▶ [Task item]:
From the data below, set down exactly the lines between the one holding "#7709=DIRECTION('',(-1.,0.,0.));" and the one holding "#7908=LINE('',#7907,#7906);", inclusive, and no others.

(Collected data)
|---|

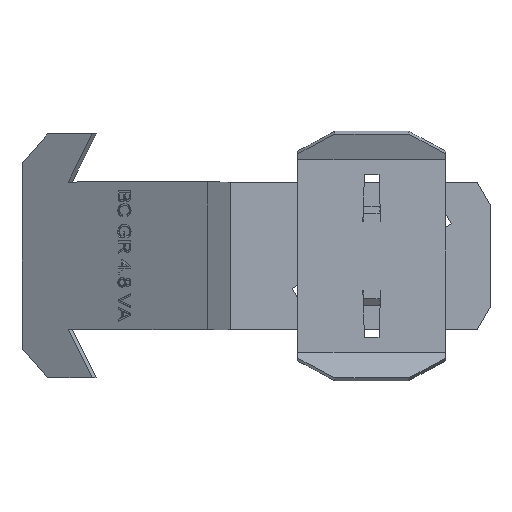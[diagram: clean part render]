
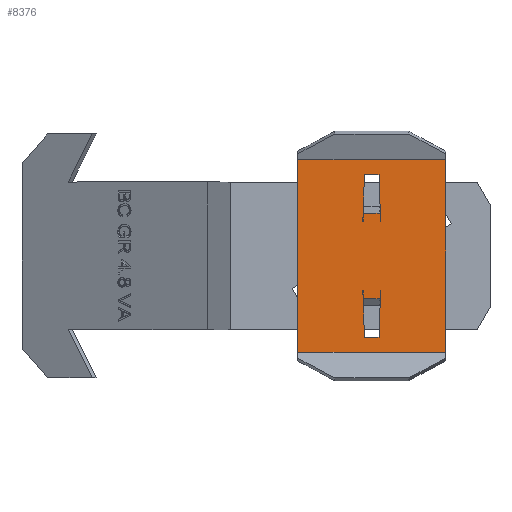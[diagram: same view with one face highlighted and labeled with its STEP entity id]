
A CAD part, top view. The second image highlights one B-rep face of the part: STEP entity #8376.
In plain terms, the highlighted planar face has unit normal (0, 0, 1).
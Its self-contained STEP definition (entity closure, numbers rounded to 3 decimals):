
#7609=DIRECTION('',(0.,1.,0.));
#7610=VECTOR('',#7609,26.);
#7611=CARTESIAN_POINT('',(37.307,-13.,-1.921));
#7612=LINE('',#7611,#7610);
#7681=DIRECTION('',(1.,0.,0.));
#7682=VECTOR('',#7681,20.);
#7683=CARTESIAN_POINT('',(37.307,-13.,-1.921));
#7684=LINE('',#7683,#7682);
#7685=DIRECTION('',(0.,1.,0.));
#7686=VECTOR('',#7685,26.);
#7687=CARTESIAN_POINT('',(57.307,-13.,-1.921));
#7688=LINE('',#7687,#7686);
#7689=DIRECTION('',(-1.,0.,0.));
#7690=VECTOR('',#7689,0.051);
#7691=CARTESIAN_POINT('',(48.509,4.7,-1.921));
#7692=LINE('',#7691,#7690);
#7693=DIRECTION('',(-0.034,0.999,0.));
#7694=VECTOR('',#7693,6.294);
#7695=CARTESIAN_POINT('',(48.509,4.7,-1.921));
#7696=LINE('',#7695,#7694);
#7697=DIRECTION('',(1.,0.,0.));
#7698=VECTOR('',#7697,1.97);
#7699=CARTESIAN_POINT('',(46.321,10.99,-1.921));
#7700=LINE('',#7699,#7698);
#7701=DIRECTION('',(-0.034,-0.999,0.));
#7702=VECTOR('',#7701,6.294);
#7703=CARTESIAN_POINT('',(46.321,10.99,-1.921));
#7704=LINE('',#7703,#7702);
#7705=DIRECTION('',(-1.,0.,0.));
#7706=VECTOR('',#7705,0.051);
#7707=CARTESIAN_POINT('',(46.156,4.7,-1.921));
#7708=LINE('',#7707,#7706);
#7709=DIRECTION('',(-1.,0.,0.));
#7710=VECTOR('',#7709,2.294);
#7711=CARTESIAN_POINT('',(48.454,5.75,-1.921));
#7712=LINE('',#7711,#7710);
#7713=DIRECTION('',(0.034,-0.999,0.));
#7714=VECTOR('',#7713,6.294);
#7715=CARTESIAN_POINT('',(46.104,-4.7,-1.921));
#7716=LINE('',#7715,#7714);
#7717=DIRECTION('',(-1.,0.,0.));
#7718=VECTOR('',#7717,1.97);
#7719=CARTESIAN_POINT('',(48.292,-10.99,-1.921));
#7720=LINE('',#7719,#7718);
#7721=DIRECTION('',(0.034,0.999,0.));
#7722=VECTOR('',#7721,6.294);
#7723=CARTESIAN_POINT('',(48.292,-10.99,-1.921));
#7724=LINE('',#7723,#7722);
#7737=DIRECTION('',(1.,0.,0.));
#7738=VECTOR('',#7737,20.);
#7739=CARTESIAN_POINT('',(37.307,13.,-1.921));
#7740=LINE('',#7739,#7738);
#7765=DIRECTION('',(0.004,-1.,0.));
#7766=VECTOR('',#7765,1.05);
#7767=CARTESIAN_POINT('',(48.454,5.75,-1.921));
#7768=LINE('',#7767,#7766);
#7801=DIRECTION('',(0.004,1.,0.));
#7802=VECTOR('',#7801,1.05);
#7803=CARTESIAN_POINT('',(46.156,4.7,-1.921));
#7804=LINE('',#7803,#7802);
#7905=DIRECTION('',(-1.,0.,0.));
#7906=VECTOR('',#7905,0.051);
#7907=CARTESIAN_POINT('',(48.509,-4.7,-1.921));
#7908=LINE('',#7907,#7906);
#7909=DIRECTION('',(-0.004,-1.,0.));
#7910=VECTOR('',#7909,1.05);
#7911=CARTESIAN_POINT('',(48.458,-4.7,-1.921));
#7912=LINE('',#7911,#7910);
#7989=DIRECTION('',(-1.,0.,0.));
#7990=VECTOR('',#7989,2.294);
#7991=CARTESIAN_POINT('',(48.454,-5.75,
-1.921));
#7992=LINE('',#7991,#7990);
#8001=DIRECTION('',(-0.004,1.,0.));
#8002=VECTOR('',#8001,1.05);
#8003=CARTESIAN_POINT('',(46.16,-5.75,
-1.921));
#8004=LINE('',#8003,#8002);
#8005=DIRECTION('',(-1.,0.,0.));
#8006=VECTOR('',#8005,0.051);
#8007=CARTESIAN_POINT('',(46.156,-4.7,-1.921));
#8008=LINE('',#8007,#8006);
#8031=CARTESIAN_POINT('',(37.307,13.,-1.921));
#8032=CARTESIAN_POINT('',(57.307,13.,-1.921));
#8033=VERTEX_POINT('',#8031);
#8034=VERTEX_POINT('',#8032);
#8073=CARTESIAN_POINT('',(37.307,-13.,-1.921));
#8074=VERTEX_POINT('',#8073);
#8075=CARTESIAN_POINT('',(57.307,-13.,-1.921));
#8076=VERTEX_POINT('',#8075);
#8077=CARTESIAN_POINT('',(46.156,4.7,-1.921));
#8078=VERTEX_POINT('',#8077);
#8079=CARTESIAN_POINT('',(46.104,4.7,-1.921));
#8080=VERTEX_POINT('',#8079);
#8081=CARTESIAN_POINT('',(48.458,4.7,-1.921));
#8082=VERTEX_POINT('',#8081);
#8083=CARTESIAN_POINT('',(48.509,4.7,-1.921));
#8084=VERTEX_POINT('',#8083);
#8085=CARTESIAN_POINT('',(48.292,10.99,-1.921));
#8087=VERTEX_POINT('',#8085);
#8090=CARTESIAN_POINT('',(46.321,10.99,-1.921));
#8092=VERTEX_POINT('',#8090);
#8097=CARTESIAN_POINT('',(48.454,5.75,-1.921));
#8098=CARTESIAN_POINT('',(46.16,5.75,-1.921));
#8099=VERTEX_POINT('',#8097);
#8100=VERTEX_POINT('',#8098);
#8117=CARTESIAN_POINT('',(46.156,-4.7,-1.921));
#8118=VERTEX_POINT('',#8117);
#8119=CARTESIAN_POINT('',(46.104,-4.7,-1.921));
#8120=VERTEX_POINT('',#8119);
#8121=CARTESIAN_POINT('',(48.458,-4.7,-1.921));
#8122=VERTEX_POINT('',#8121);
#8123=CARTESIAN_POINT('',(48.509,-4.7,-1.921));
#8124=VERTEX_POINT('',#8123);
#8125=CARTESIAN_POINT('',(48.292,-10.99,-1.921));
#8127=VERTEX_POINT('',#8125);
#8130=CARTESIAN_POINT('',(46.321,-10.99,-1.921));
#8132=VERTEX_POINT('',#8130);
#8137=CARTESIAN_POINT('',(48.454,-5.75,
-1.921));
#8138=CARTESIAN_POINT('',(46.16,-5.75,
-1.921));
#8139=VERTEX_POINT('',#8137);
#8140=VERTEX_POINT('',#8138);
#8328=CARTESIAN_POINT('',(37.107,13.26,-1.921));
#8329=DIRECTION('',(0.,0.,1.));
#8330=DIRECTION('',(1.,0.,0.));
#8331=AXIS2_PLACEMENT_3D('',#8328,#8329,#8330);
#8332=PLANE('',#8331);
#8333=ORIENTED_EDGE('',*,*,#8273,.F.);
#8334=ORIENTED_EDGE('',*,*,#8223,.T.);
#8336=ORIENTED_EDGE('',*,*,#8335,.T.);
#8337=ORIENTED_EDGE('',*,*,#8314,.F.);
#8338=EDGE_LOOP('',(#8333,#8334,#8336,#8337));
#8339=FACE_OUTER_BOUND('',#8338,.F.);
#8341=ORIENTED_EDGE('',*,*,#8340,.T.);
#8343=ORIENTED_EDGE('',*,*,#8342,.F.);
#8345=ORIENTED_EDGE('',*,*,#8344,.T.);
#8347=ORIENTED_EDGE('',*,*,#8346,.F.);
#8349=ORIENTED_EDGE('',*,*,#8348,.T.);
#8351=ORIENTED_EDGE('',*,*,#8350,.F.);
#8353=ORIENTED_EDGE('',*,*,#8352,.T.);
#8355=ORIENTED_EDGE('',*,*,#8354,.F.);
#8356=EDGE_LOOP('',(#8341,#8343,#8345,#8347,#8349,#8351,#8353,#8355));
#8357=FACE_BOUND('',#8356,.F.);
#8359=ORIENTED_EDGE('',*,*,#8358,.T.);
#8361=ORIENTED_EDGE('',*,*,#8360,.F.);
#8363=ORIENTED_EDGE('',*,*,#8362,.T.);
#8365=ORIENTED_EDGE('',*,*,#8364,.T.);
#8367=ORIENTED_EDGE('',*,*,#8366,.T.);
#8369=ORIENTED_EDGE('',*,*,#8368,.T.);
#8371=ORIENTED_EDGE('',*,*,#8370,.T.);
#8373=ORIENTED_EDGE('',*,*,#8372,.T.);
#8374=EDGE_LOOP('',(#8359,#8361,#8363,#8365,#8367,#8369,#8371,#8373));
#8375=FACE_BOUND('',#8374,.F.);
#8376=ADVANCED_FACE('',(#8339,#8357,#8375),#8332,.T.);
#8223=EDGE_CURVE('',#8074,#8033,#7612,.T.);
#8273=EDGE_CURVE('',#8074,#8076,#7684,.T.);
#8314=EDGE_CURVE('',#8076,#8034,#7688,.T.);
#8335=EDGE_CURVE('',#8033,#8034,#7740,.T.);
#8340=EDGE_CURVE('',#8099,#8082,#7768,.T.);
#8342=EDGE_CURVE('',#8084,#8082,#7692,.T.);
#8344=EDGE_CURVE('',#8084,#8087,#7696,.T.);
#8346=EDGE_CURVE('',#8092,#8087,#7700,.T.);
#8348=EDGE_CURVE('',#8092,#8080,#7704,.T.);
#8350=EDGE_CURVE('',#8078,#8080,#7708,.T.);
#8352=EDGE_CURVE('',#8078,#8100,#7804,.T.);
#8354=EDGE_CURVE('',#8099,#8100,#7712,.T.);
#8358=EDGE_CURVE('',#8120,#8132,#7716,.T.);
#8360=EDGE_CURVE('',#8127,#8132,#7720,.T.);
#8362=EDGE_CURVE('',#8127,#8124,#7724,.T.);
#8364=EDGE_CURVE('',#8124,#8122,#7908,.T.);
#8366=EDGE_CURVE('',#8122,#8139,#7912,.T.);
#8368=EDGE_CURVE('',#8139,#8140,#7992,.T.);
#8370=EDGE_CURVE('',#8140,#8118,#8004,.T.);
#8372=EDGE_CURVE('',#8118,#8120,#8008,.T.);

|---|

▶ [Expected output]:
#7709=DIRECTION('',(-1.,0.,0.));
#7710=VECTOR('',#7709,2.294);
#7711=CARTESIAN_POINT('',(48.454,5.75,-1.921));
#7712=LINE('',#7711,#7710);
#7713=DIRECTION('',(0.034,-0.999,0.));
#7714=VECTOR('',#7713,6.294);
#7715=CARTESIAN_POINT('',(46.104,-4.7,-1.921));
#7716=LINE('',#7715,#7714);
#7717=DIRECTION('',(-1.,0.,0.));
#7718=VECTOR('',#7717,1.97);
#7719=CARTESIAN_POINT('',(48.292,-10.99,-1.921));
#7720=LINE('',#7719,#7718);
#7721=DIRECTION('',(0.034,0.999,0.));
#7722=VECTOR('',#7721,6.294);
#7723=CARTESIAN_POINT('',(48.292,-10.99,-1.921));
#7724=LINE('',#7723,#7722);
#7737=DIRECTION('',(1.,0.,0.));
#7738=VECTOR('',#7737,20.);
#7739=CARTESIAN_POINT('',(37.307,13.,-1.921));
#7740=LINE('',#7739,#7738);
#7765=DIRECTION('',(0.004,-1.,0.));
#7766=VECTOR('',#7765,1.05);
#7767=CARTESIAN_POINT('',(48.454,5.75,-1.921));
#7768=LINE('',#7767,#7766);
#7801=DIRECTION('',(0.004,1.,0.));
#7802=VECTOR('',#7801,1.05);
#7803=CARTESIAN_POINT('',(46.156,4.7,-1.921));
#7804=LINE('',#7803,#7802);
#7905=DIRECTION('',(-1.,0.,0.));
#7906=VECTOR('',#7905,0.051);
#7907=CARTESIAN_POINT('',(48.509,-4.7,-1.921));
#7908=LINE('',#7907,#7906);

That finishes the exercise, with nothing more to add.